Выбившись из сил, я опустился в кресло в кабинете Родзянко против большого зеркала... В нем мне была видна не только эта комната, набитая толкающимися и шныряющими во все стороны разными людьми, но видна была и соседняя, «кабинет Волконского», где творилось такое же столпотворение. В зеркале все это отражалось туманно и несколько картинно...

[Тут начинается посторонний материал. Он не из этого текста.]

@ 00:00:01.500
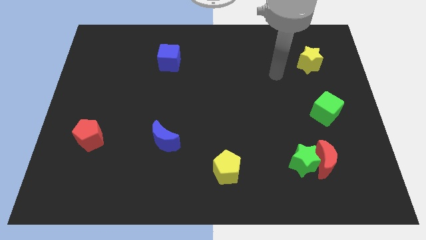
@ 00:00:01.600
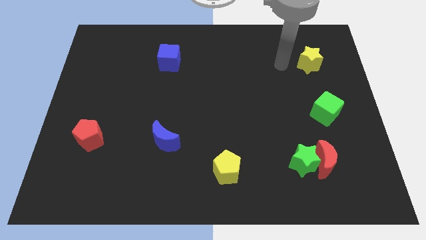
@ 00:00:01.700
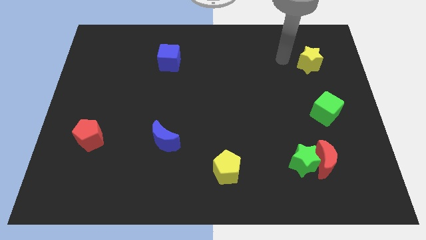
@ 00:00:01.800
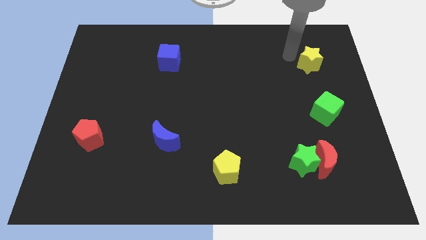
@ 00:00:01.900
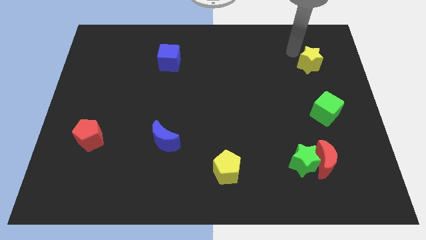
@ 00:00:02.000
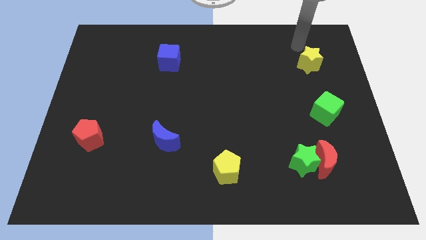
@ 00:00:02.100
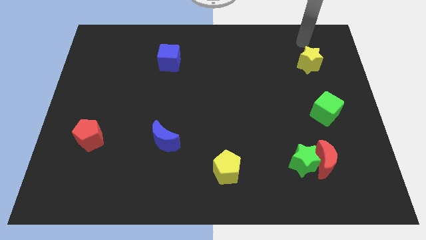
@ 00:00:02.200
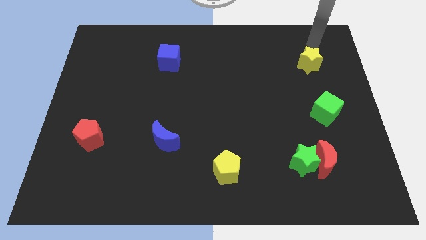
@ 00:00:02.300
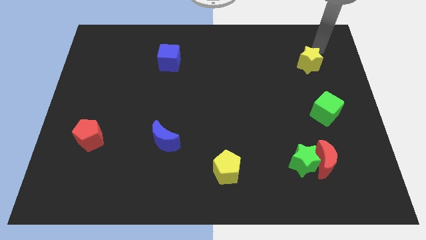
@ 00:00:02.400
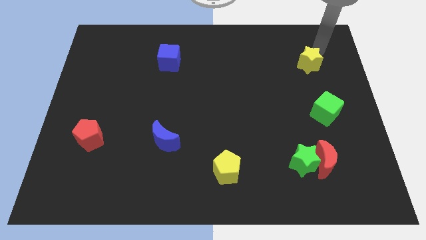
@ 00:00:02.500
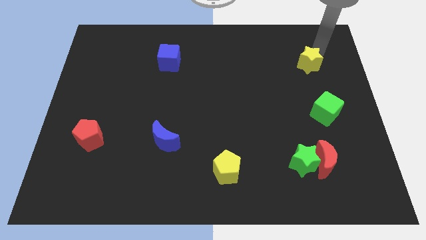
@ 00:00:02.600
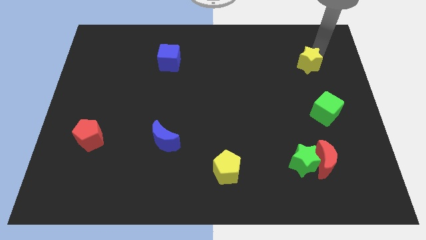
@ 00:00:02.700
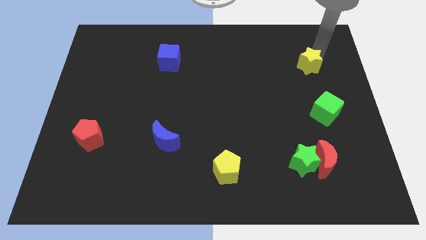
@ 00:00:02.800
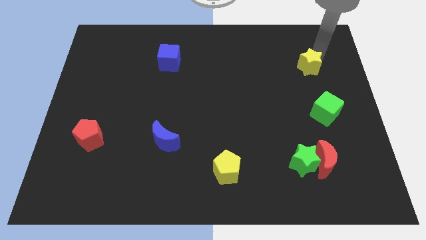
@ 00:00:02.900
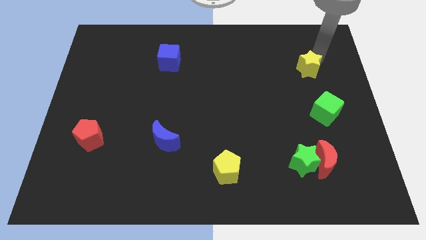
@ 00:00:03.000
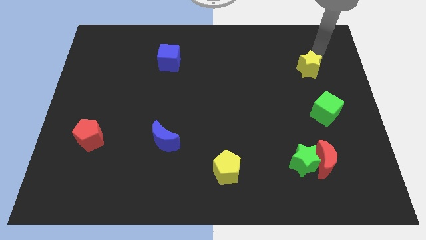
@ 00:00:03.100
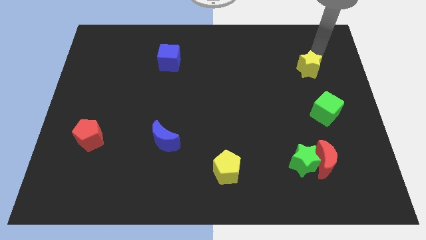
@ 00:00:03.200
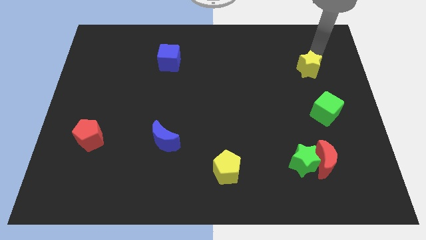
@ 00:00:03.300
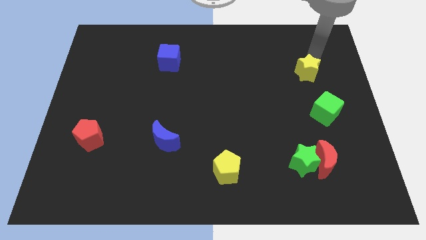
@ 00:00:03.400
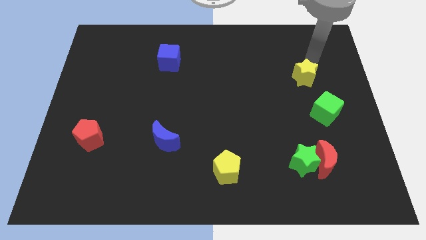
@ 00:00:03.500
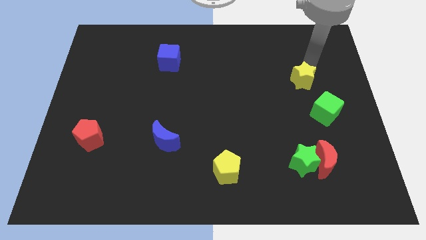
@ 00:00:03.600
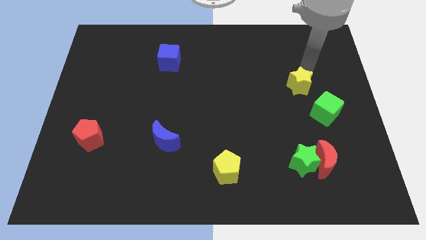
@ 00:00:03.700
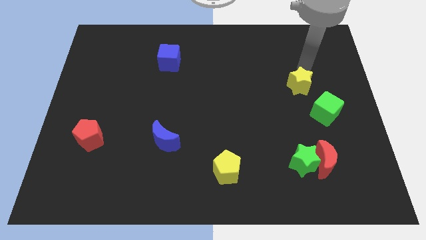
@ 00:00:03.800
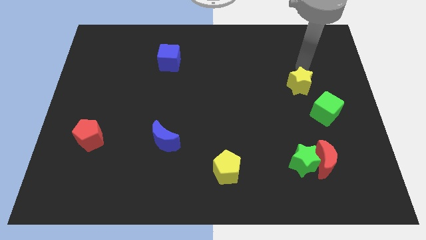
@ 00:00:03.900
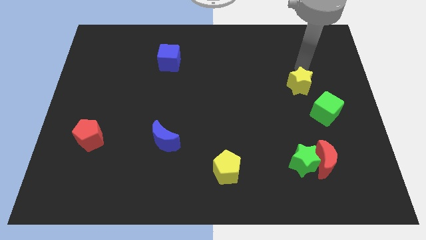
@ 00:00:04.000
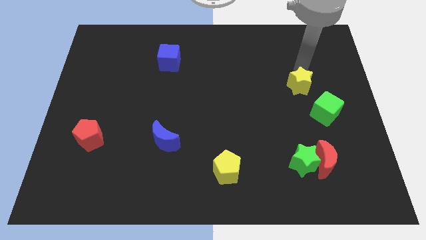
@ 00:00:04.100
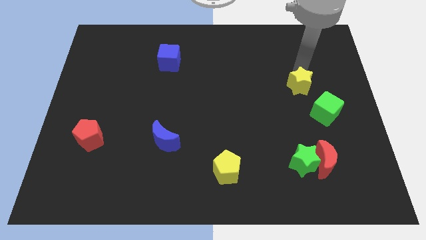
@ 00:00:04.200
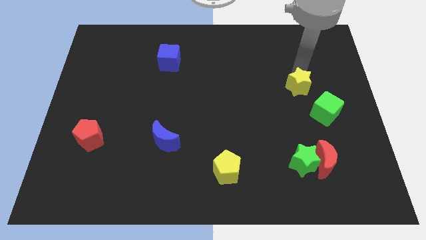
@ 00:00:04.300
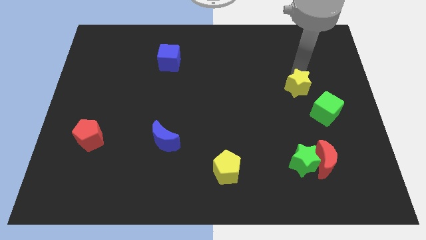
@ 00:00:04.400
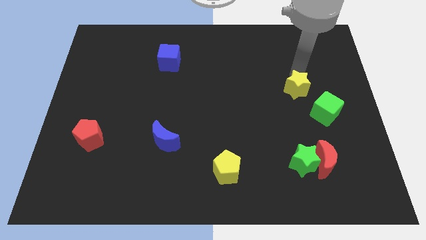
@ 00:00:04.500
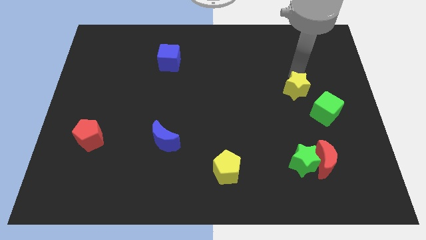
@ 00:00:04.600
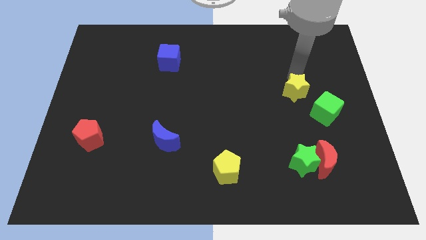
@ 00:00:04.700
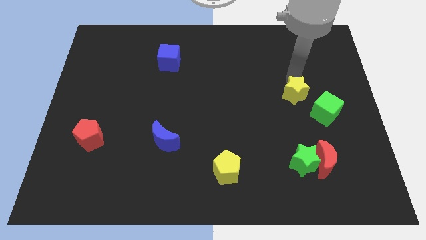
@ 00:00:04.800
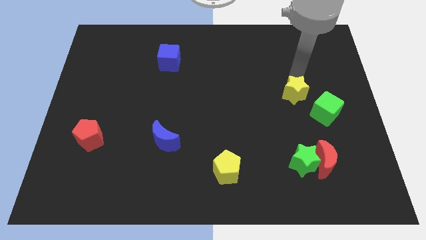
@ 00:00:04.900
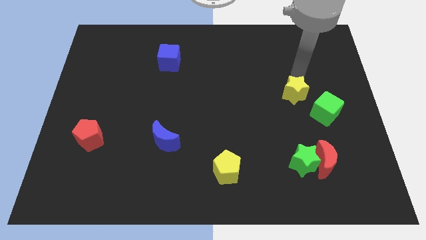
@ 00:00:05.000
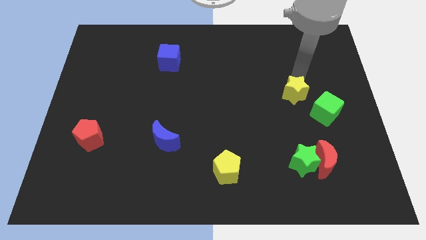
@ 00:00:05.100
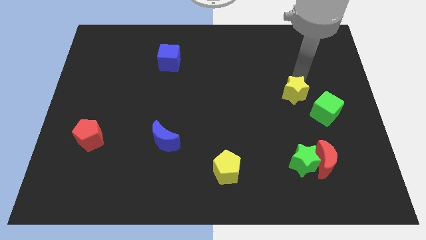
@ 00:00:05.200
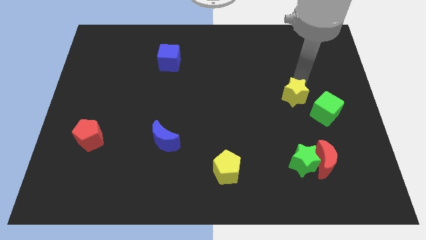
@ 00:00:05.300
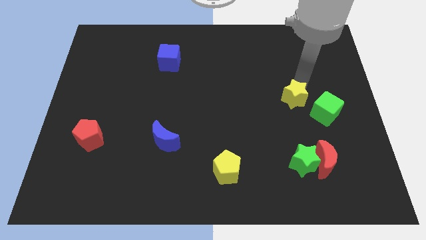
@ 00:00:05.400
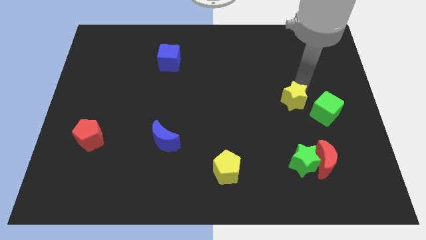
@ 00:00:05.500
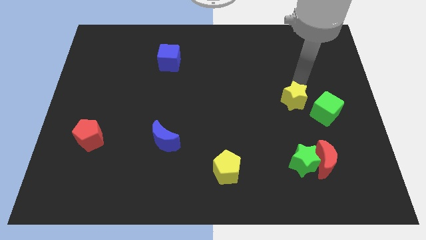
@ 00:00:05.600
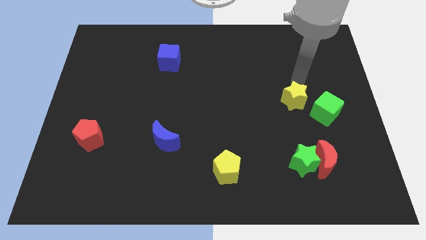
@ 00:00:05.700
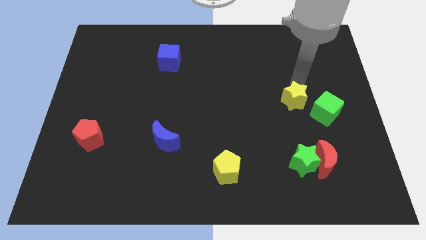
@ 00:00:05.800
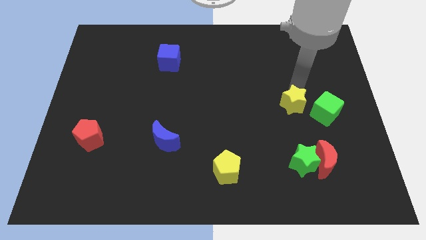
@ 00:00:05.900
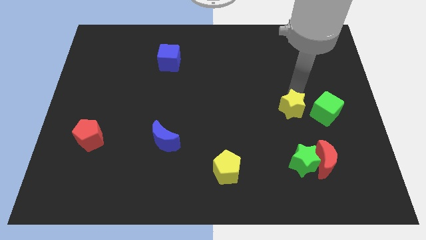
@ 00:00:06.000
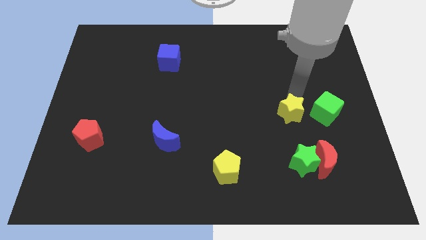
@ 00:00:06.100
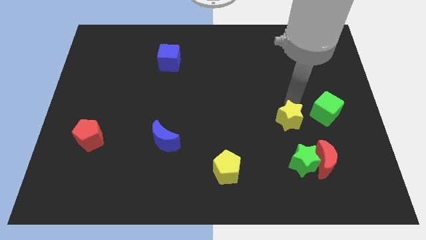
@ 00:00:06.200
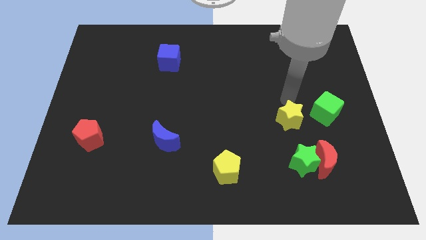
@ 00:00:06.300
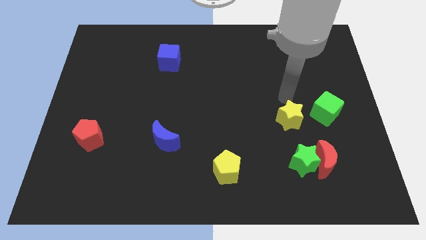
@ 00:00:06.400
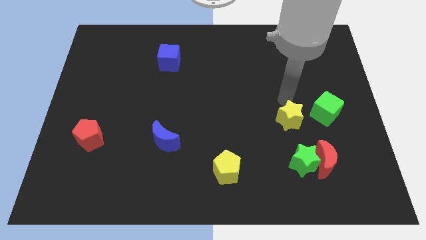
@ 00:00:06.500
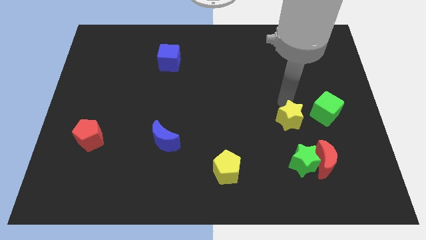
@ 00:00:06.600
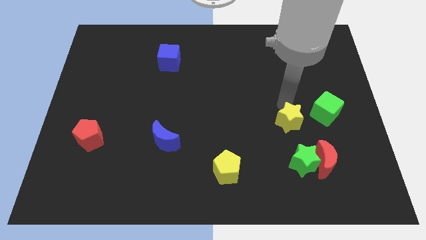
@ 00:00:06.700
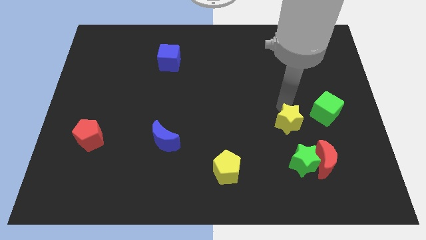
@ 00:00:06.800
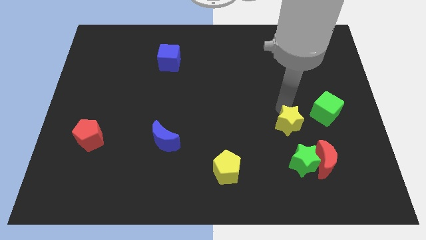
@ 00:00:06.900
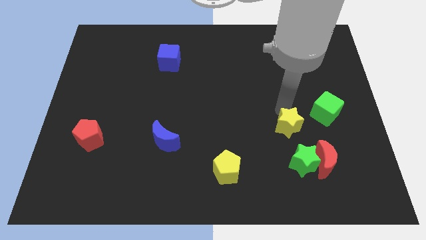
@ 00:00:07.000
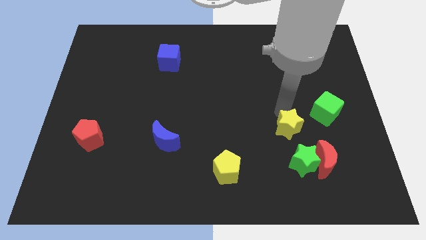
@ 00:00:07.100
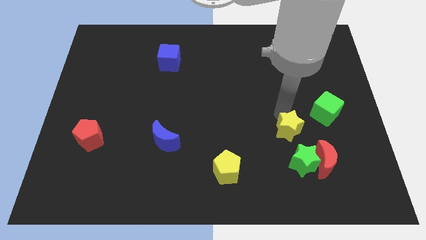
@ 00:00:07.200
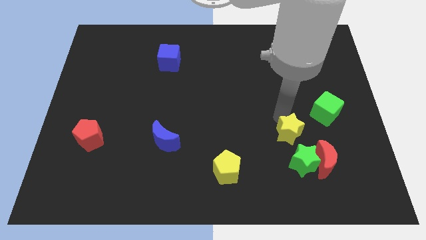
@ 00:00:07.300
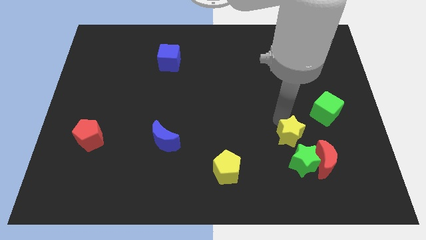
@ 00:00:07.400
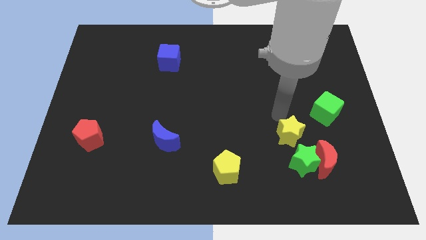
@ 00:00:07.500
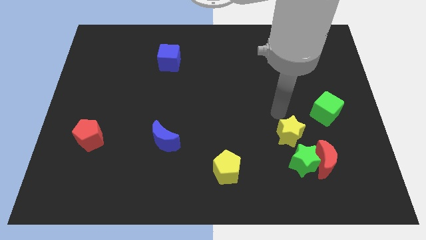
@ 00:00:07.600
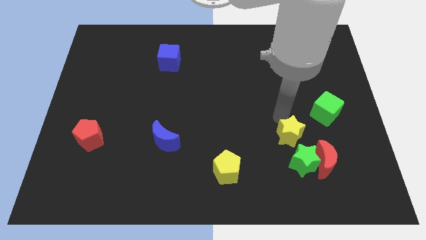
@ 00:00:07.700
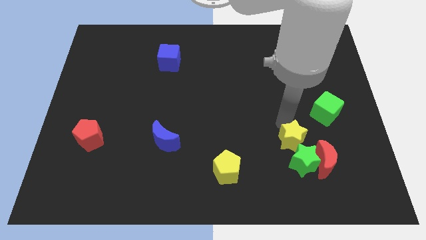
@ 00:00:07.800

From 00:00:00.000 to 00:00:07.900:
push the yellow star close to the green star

Вдруг я почувствовал, что из «кабинета Волконского» побежало особенное волнение, причину которого мне сейчас же шепнули:
— Протопопов арестован!
И в то же мгновение я увидел в зеркале, как бурно распахнулась дверь в «кабинете Волконского» и ворвался Керенский. Он был бледен, глаза горели, рука поднята... Этой протянутой рукой он как бы резал толпу... Все его узнали и расступились на обе стороны, просто испугавшись его вида. И тогда в зеркале я увидел за Керенским солдат с винтовками, а между штыками — тщедушную фигурку с совершенно затурканным, страшно съежившимся лицом... Я с трудом узнал Протопопова.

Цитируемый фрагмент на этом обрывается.